----- Information provided -----

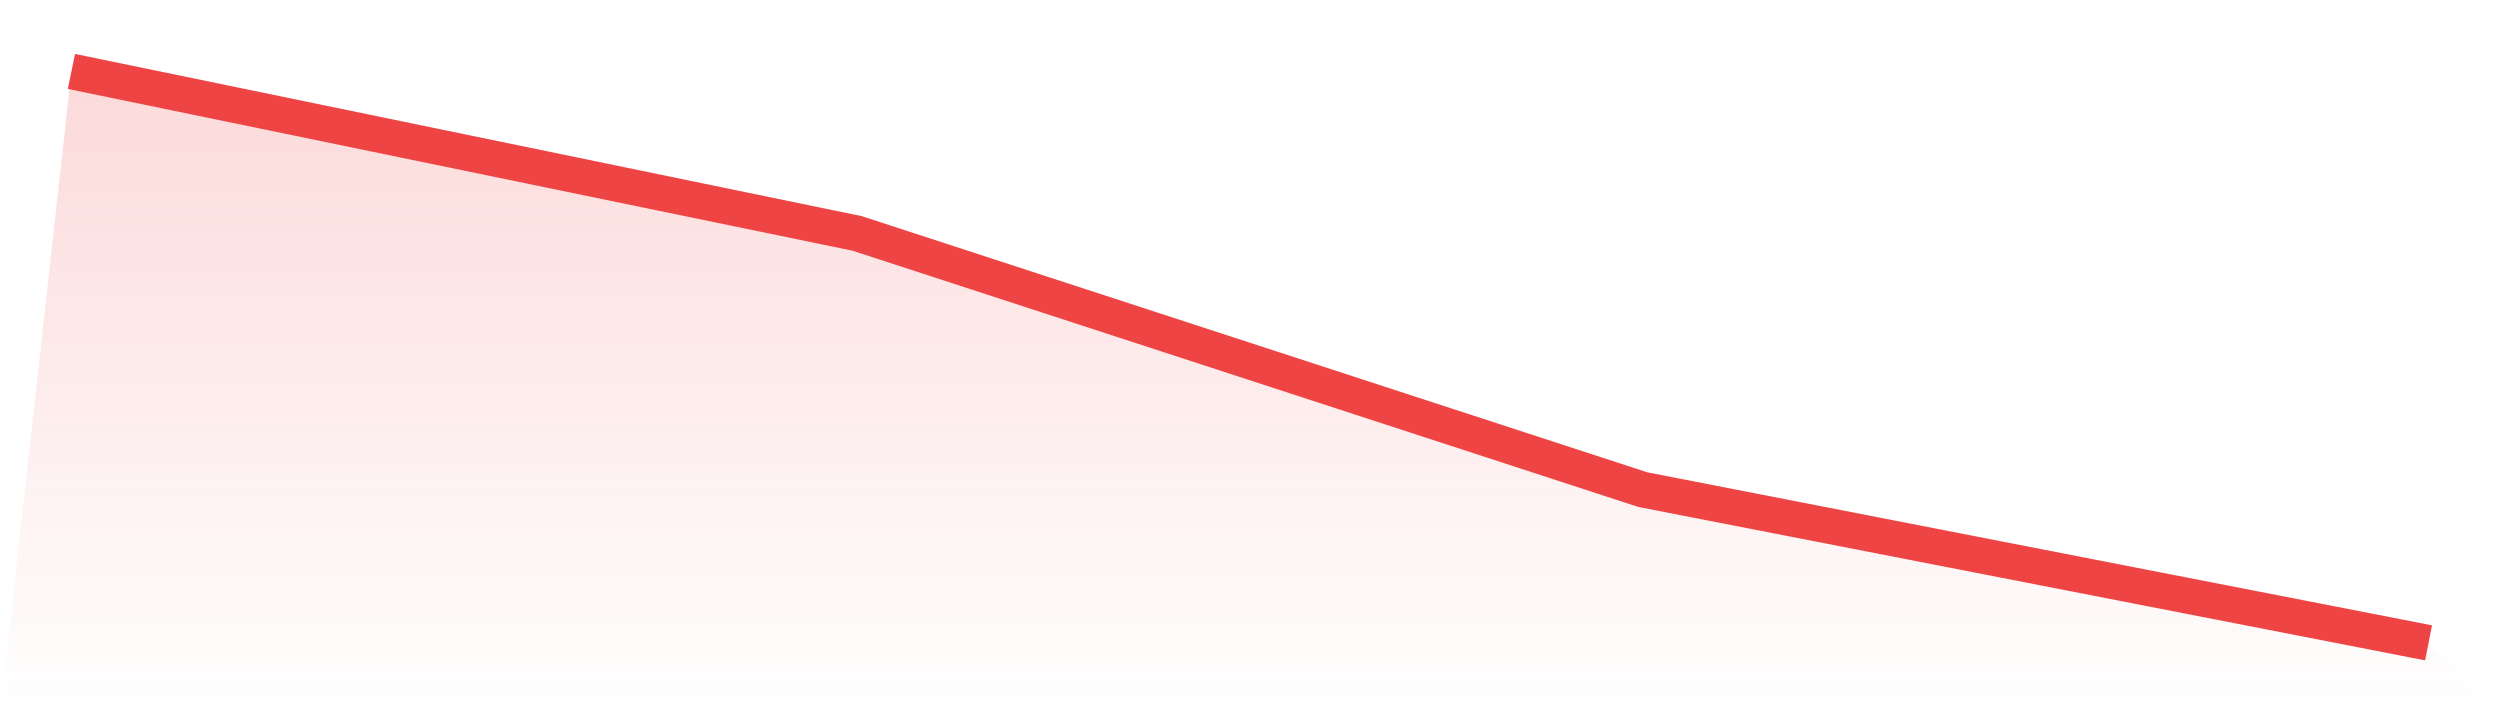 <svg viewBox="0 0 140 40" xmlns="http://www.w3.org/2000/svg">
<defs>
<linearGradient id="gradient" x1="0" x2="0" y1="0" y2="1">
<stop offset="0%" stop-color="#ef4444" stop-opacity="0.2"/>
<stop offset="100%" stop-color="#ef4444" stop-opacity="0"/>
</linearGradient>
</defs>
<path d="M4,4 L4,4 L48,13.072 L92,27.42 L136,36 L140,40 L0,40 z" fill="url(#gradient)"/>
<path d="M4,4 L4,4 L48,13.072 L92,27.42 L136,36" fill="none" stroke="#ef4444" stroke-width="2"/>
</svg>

-----

Please transcribe the whole listing above exactly, with the images left out.

 <svg viewBox="0 0 140 40" xmlns="http://www.w3.org/2000/svg">
<defs>
<linearGradient id="gradient" x1="0" x2="0" y1="0" y2="1">
<stop offset="0%" stop-color="#ef4444" stop-opacity="0.2"/>
<stop offset="100%" stop-color="#ef4444" stop-opacity="0"/>
</linearGradient>
</defs>
<path d="M4,4 L4,4 L48,13.072 L92,27.42 L136,36 L140,40 L0,40 z" fill="url(#gradient)"/>
<path d="M4,4 L4,4 L48,13.072 L92,27.42 L136,36" fill="none" stroke="#ef4444" stroke-width="2"/>
</svg>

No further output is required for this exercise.